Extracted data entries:
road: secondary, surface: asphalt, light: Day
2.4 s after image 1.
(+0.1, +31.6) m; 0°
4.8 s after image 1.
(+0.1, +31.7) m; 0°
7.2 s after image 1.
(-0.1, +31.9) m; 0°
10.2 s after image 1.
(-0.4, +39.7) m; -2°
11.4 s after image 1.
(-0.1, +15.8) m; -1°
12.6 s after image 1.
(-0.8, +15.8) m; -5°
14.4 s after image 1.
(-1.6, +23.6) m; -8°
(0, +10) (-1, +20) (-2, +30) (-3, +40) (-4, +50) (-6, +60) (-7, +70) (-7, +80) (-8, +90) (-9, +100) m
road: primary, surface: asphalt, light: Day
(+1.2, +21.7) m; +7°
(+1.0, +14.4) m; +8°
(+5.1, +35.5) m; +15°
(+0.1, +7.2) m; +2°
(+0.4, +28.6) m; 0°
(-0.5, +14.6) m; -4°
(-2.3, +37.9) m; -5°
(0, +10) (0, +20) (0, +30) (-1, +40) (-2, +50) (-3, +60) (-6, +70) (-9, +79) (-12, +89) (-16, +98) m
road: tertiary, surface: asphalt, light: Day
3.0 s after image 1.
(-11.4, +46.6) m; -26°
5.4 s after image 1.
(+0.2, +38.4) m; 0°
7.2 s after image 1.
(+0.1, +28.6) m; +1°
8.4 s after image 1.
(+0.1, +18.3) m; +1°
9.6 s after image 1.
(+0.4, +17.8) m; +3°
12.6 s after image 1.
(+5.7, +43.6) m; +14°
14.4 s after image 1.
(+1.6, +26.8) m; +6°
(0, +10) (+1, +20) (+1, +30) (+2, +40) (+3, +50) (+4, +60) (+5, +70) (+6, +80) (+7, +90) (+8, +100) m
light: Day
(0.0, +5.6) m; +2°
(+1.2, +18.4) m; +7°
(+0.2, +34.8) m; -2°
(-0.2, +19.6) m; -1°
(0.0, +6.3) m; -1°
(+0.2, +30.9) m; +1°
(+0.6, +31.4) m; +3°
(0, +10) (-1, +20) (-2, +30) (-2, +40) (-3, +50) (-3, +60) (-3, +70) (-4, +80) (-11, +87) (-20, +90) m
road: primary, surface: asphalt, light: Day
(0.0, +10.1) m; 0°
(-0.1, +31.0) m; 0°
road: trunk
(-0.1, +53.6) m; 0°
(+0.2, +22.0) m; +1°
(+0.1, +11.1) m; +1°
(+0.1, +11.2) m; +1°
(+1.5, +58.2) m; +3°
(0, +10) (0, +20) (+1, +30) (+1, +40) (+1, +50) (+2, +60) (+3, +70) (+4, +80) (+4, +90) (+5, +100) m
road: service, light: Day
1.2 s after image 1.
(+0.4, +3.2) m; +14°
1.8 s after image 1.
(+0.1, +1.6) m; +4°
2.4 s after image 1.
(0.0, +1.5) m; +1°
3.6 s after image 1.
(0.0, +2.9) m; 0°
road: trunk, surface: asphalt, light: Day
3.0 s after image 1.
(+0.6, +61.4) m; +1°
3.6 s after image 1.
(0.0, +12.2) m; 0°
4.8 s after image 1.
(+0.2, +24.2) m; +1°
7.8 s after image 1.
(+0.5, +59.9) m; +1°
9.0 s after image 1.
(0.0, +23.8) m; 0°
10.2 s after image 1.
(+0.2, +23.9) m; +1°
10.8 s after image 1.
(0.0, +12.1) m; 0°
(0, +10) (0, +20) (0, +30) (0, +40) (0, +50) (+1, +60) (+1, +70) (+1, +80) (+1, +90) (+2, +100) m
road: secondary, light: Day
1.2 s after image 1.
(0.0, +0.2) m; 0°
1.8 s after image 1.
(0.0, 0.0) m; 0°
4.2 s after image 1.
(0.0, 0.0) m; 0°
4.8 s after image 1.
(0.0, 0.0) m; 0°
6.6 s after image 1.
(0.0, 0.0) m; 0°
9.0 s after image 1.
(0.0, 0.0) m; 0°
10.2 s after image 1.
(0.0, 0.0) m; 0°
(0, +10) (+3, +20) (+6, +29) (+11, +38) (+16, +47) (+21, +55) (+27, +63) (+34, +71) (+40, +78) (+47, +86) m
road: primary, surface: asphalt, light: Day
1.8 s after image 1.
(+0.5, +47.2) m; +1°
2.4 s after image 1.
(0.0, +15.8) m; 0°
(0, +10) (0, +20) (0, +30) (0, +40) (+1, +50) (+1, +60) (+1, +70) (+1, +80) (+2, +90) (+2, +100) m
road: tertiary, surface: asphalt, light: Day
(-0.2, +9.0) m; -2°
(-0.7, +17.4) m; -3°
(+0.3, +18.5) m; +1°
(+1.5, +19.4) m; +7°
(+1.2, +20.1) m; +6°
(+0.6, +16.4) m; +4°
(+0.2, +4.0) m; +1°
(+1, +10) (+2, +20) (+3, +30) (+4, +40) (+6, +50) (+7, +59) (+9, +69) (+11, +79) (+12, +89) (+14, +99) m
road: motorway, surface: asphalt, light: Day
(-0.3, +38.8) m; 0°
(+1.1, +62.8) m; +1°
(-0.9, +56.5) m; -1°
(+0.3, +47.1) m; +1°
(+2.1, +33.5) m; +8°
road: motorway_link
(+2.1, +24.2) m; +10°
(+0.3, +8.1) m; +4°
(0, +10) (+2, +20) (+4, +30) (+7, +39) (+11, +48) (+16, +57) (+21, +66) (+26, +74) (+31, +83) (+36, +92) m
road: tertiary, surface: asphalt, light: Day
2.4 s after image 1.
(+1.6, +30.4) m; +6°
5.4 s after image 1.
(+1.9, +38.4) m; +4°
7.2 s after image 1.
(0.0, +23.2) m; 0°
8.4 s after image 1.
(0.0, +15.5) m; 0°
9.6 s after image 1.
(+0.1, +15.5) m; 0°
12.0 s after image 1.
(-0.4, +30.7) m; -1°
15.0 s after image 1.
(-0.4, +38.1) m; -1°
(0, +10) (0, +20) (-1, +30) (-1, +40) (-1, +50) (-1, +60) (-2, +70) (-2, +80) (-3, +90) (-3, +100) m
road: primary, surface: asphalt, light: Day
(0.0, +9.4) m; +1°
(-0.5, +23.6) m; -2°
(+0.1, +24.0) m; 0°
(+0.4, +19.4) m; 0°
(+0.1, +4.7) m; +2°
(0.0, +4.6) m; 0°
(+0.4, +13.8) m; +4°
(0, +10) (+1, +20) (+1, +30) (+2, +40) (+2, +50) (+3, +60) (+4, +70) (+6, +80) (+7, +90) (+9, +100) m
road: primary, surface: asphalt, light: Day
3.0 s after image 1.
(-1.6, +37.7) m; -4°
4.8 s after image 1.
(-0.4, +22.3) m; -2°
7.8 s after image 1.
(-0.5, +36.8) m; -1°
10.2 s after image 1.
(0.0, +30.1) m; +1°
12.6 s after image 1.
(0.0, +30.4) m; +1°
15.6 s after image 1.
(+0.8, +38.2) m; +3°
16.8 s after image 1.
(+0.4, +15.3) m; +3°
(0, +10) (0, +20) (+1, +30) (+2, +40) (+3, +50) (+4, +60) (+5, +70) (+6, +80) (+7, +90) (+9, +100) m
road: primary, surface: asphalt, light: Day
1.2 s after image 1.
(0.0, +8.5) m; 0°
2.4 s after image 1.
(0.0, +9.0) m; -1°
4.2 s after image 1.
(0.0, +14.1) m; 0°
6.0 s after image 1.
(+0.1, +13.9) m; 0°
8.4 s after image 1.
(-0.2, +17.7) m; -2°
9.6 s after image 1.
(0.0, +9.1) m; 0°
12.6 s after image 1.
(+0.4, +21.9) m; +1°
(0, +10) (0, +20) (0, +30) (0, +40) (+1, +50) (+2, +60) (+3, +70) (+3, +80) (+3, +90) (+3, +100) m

TASK TO CARRY OUT: Exactly as written, transcribe each line of the data.

TASK RESPONSE:
road: secondary, surface: asphalt, light: Day
2.4 s after image 1.
(+0.1, +31.6) m; 0°
4.8 s after image 1.
(+0.1, +31.7) m; 0°
7.2 s after image 1.
(-0.1, +31.9) m; 0°
10.2 s after image 1.
(-0.4, +39.7) m; -2°
11.4 s after image 1.
(-0.1, +15.8) m; -1°
12.6 s after image 1.
(-0.8, +15.8) m; -5°
14.4 s after image 1.
(-1.6, +23.6) m; -8°
(0, +10) (-1, +20) (-2, +30) (-3, +40) (-4, +50) (-6, +60) (-7, +70) (-7, +80) (-8, +90) (-9, +100) m
road: primary, surface: asphalt, light: Day
(+1.2, +21.7) m; +7°
(+1.0, +14.4) m; +8°
(+5.1, +35.5) m; +15°
(+0.1, +7.2) m; +2°
(+0.4, +28.6) m; 0°
(-0.5, +14.6) m; -4°
(-2.3, +37.9) m; -5°
(0, +10) (0, +20) (0, +30) (-1, +40) (-2, +50) (-3, +60) (-6, +70) (-9, +79) (-12, +89) (-16, +98) m
road: tertiary, surface: asphalt, light: Day
3.0 s after image 1.
(-11.4, +46.6) m; -26°
5.4 s after image 1.
(+0.2, +38.4) m; 0°
7.2 s after image 1.
(+0.1, +28.6) m; +1°
8.4 s after image 1.
(+0.1, +18.3) m; +1°
9.6 s after image 1.
(+0.4, +17.8) m; +3°
12.6 s after image 1.
(+5.7, +43.6) m; +14°
14.4 s after image 1.
(+1.6, +26.8) m; +6°
(0, +10) (+1, +20) (+1, +30) (+2, +40) (+3, +50) (+4, +60) (+5, +70) (+6, +80) (+7, +90) (+8, +100) m
light: Day
(0.0, +5.6) m; +2°
(+1.2, +18.4) m; +7°
(+0.2, +34.8) m; -2°
(-0.2, +19.6) m; -1°
(0.0, +6.3) m; -1°
(+0.2, +30.9) m; +1°
(+0.6, +31.4) m; +3°
(0, +10) (-1, +20) (-2, +30) (-2, +40) (-3, +50) (-3, +60) (-3, +70) (-4, +80) (-11, +87) (-20, +90) m
road: primary, surface: asphalt, light: Day
(0.0, +10.1) m; 0°
(-0.1, +31.0) m; 0°
road: trunk
(-0.1, +53.6) m; 0°
(+0.2, +22.0) m; +1°
(+0.1, +11.1) m; +1°
(+0.1, +11.2) m; +1°
(+1.5, +58.2) m; +3°
(0, +10) (0, +20) (+1, +30) (+1, +40) (+1, +50) (+2, +60) (+3, +70) (+4, +80) (+4, +90) (+5, +100) m
road: service, light: Day
1.2 s after image 1.
(+0.4, +3.2) m; +14°
1.8 s after image 1.
(+0.1, +1.6) m; +4°
2.4 s after image 1.
(0.0, +1.5) m; +1°
3.6 s after image 1.
(0.0, +2.9) m; 0°
road: trunk, surface: asphalt, light: Day
3.0 s after image 1.
(+0.6, +61.4) m; +1°
3.6 s after image 1.
(0.0, +12.2) m; 0°
4.8 s after image 1.
(+0.2, +24.2) m; +1°
7.8 s after image 1.
(+0.5, +59.9) m; +1°
9.0 s after image 1.
(0.0, +23.8) m; 0°
10.2 s after image 1.
(+0.2, +23.9) m; +1°
10.8 s after image 1.
(0.0, +12.1) m; 0°
(0, +10) (0, +20) (0, +30) (0, +40) (0, +50) (+1, +60) (+1, +70) (+1, +80) (+1, +90) (+2, +100) m
road: secondary, light: Day
1.2 s after image 1.
(0.0, +0.2) m; 0°
1.8 s after image 1.
(0.0, 0.0) m; 0°
4.2 s after image 1.
(0.0, 0.0) m; 0°
4.8 s after image 1.
(0.0, 0.0) m; 0°
6.6 s after image 1.
(0.0, 0.0) m; 0°
9.0 s after image 1.
(0.0, 0.0) m; 0°
10.2 s after image 1.
(0.0, 0.0) m; 0°
(0, +10) (+3, +20) (+6, +29) (+11, +38) (+16, +47) (+21, +55) (+27, +63) (+34, +71) (+40, +78) (+47, +86) m
road: primary, surface: asphalt, light: Day
1.8 s after image 1.
(+0.5, +47.2) m; +1°
2.4 s after image 1.
(0.0, +15.8) m; 0°
(0, +10) (0, +20) (0, +30) (0, +40) (+1, +50) (+1, +60) (+1, +70) (+1, +80) (+2, +90) (+2, +100) m
road: tertiary, surface: asphalt, light: Day
(-0.2, +9.0) m; -2°
(-0.7, +17.4) m; -3°
(+0.3, +18.5) m; +1°
(+1.5, +19.4) m; +7°
(+1.2, +20.1) m; +6°
(+0.6, +16.4) m; +4°
(+0.2, +4.0) m; +1°
(+1, +10) (+2, +20) (+3, +30) (+4, +40) (+6, +50) (+7, +59) (+9, +69) (+11, +79) (+12, +89) (+14, +99) m
road: motorway, surface: asphalt, light: Day
(-0.3, +38.8) m; 0°
(+1.1, +62.8) m; +1°
(-0.9, +56.5) m; -1°
(+0.3, +47.1) m; +1°
(+2.1, +33.5) m; +8°
road: motorway_link
(+2.1, +24.2) m; +10°
(+0.3, +8.1) m; +4°
(0, +10) (+2, +20) (+4, +30) (+7, +39) (+11, +48) (+16, +57) (+21, +66) (+26, +74) (+31, +83) (+36, +92) m
road: tertiary, surface: asphalt, light: Day
2.4 s after image 1.
(+1.6, +30.4) m; +6°
5.4 s after image 1.
(+1.9, +38.4) m; +4°
7.2 s after image 1.
(0.0, +23.2) m; 0°
8.4 s after image 1.
(0.0, +15.5) m; 0°
9.6 s after image 1.
(+0.1, +15.5) m; 0°
12.0 s after image 1.
(-0.4, +30.7) m; -1°
15.0 s after image 1.
(-0.4, +38.1) m; -1°
(0, +10) (0, +20) (-1, +30) (-1, +40) (-1, +50) (-1, +60) (-2, +70) (-2, +80) (-3, +90) (-3, +100) m
road: primary, surface: asphalt, light: Day
(0.0, +9.4) m; +1°
(-0.5, +23.6) m; -2°
(+0.1, +24.0) m; 0°
(+0.4, +19.4) m; 0°
(+0.1, +4.7) m; +2°
(0.0, +4.6) m; 0°
(+0.4, +13.8) m; +4°
(0, +10) (+1, +20) (+1, +30) (+2, +40) (+2, +50) (+3, +60) (+4, +70) (+6, +80) (+7, +90) (+9, +100) m
road: primary, surface: asphalt, light: Day
3.0 s after image 1.
(-1.6, +37.7) m; -4°
4.8 s after image 1.
(-0.4, +22.3) m; -2°
7.8 s after image 1.
(-0.5, +36.8) m; -1°
10.2 s after image 1.
(0.0, +30.1) m; +1°
12.6 s after image 1.
(0.0, +30.4) m; +1°
15.6 s after image 1.
(+0.8, +38.2) m; +3°
16.8 s after image 1.
(+0.4, +15.3) m; +3°
(0, +10) (0, +20) (+1, +30) (+2, +40) (+3, +50) (+4, +60) (+5, +70) (+6, +80) (+7, +90) (+9, +100) m
road: primary, surface: asphalt, light: Day
1.2 s after image 1.
(0.0, +8.5) m; 0°
2.4 s after image 1.
(0.0, +9.0) m; -1°
4.2 s after image 1.
(0.0, +14.1) m; 0°
6.0 s after image 1.
(+0.1, +13.9) m; 0°
8.4 s after image 1.
(-0.2, +17.7) m; -2°
9.6 s after image 1.
(0.0, +9.1) m; 0°
12.6 s after image 1.
(+0.4, +21.9) m; +1°
(0, +10) (0, +20) (0, +30) (0, +40) (+1, +50) (+2, +60) (+3, +70) (+3, +80) (+3, +90) (+3, +100) m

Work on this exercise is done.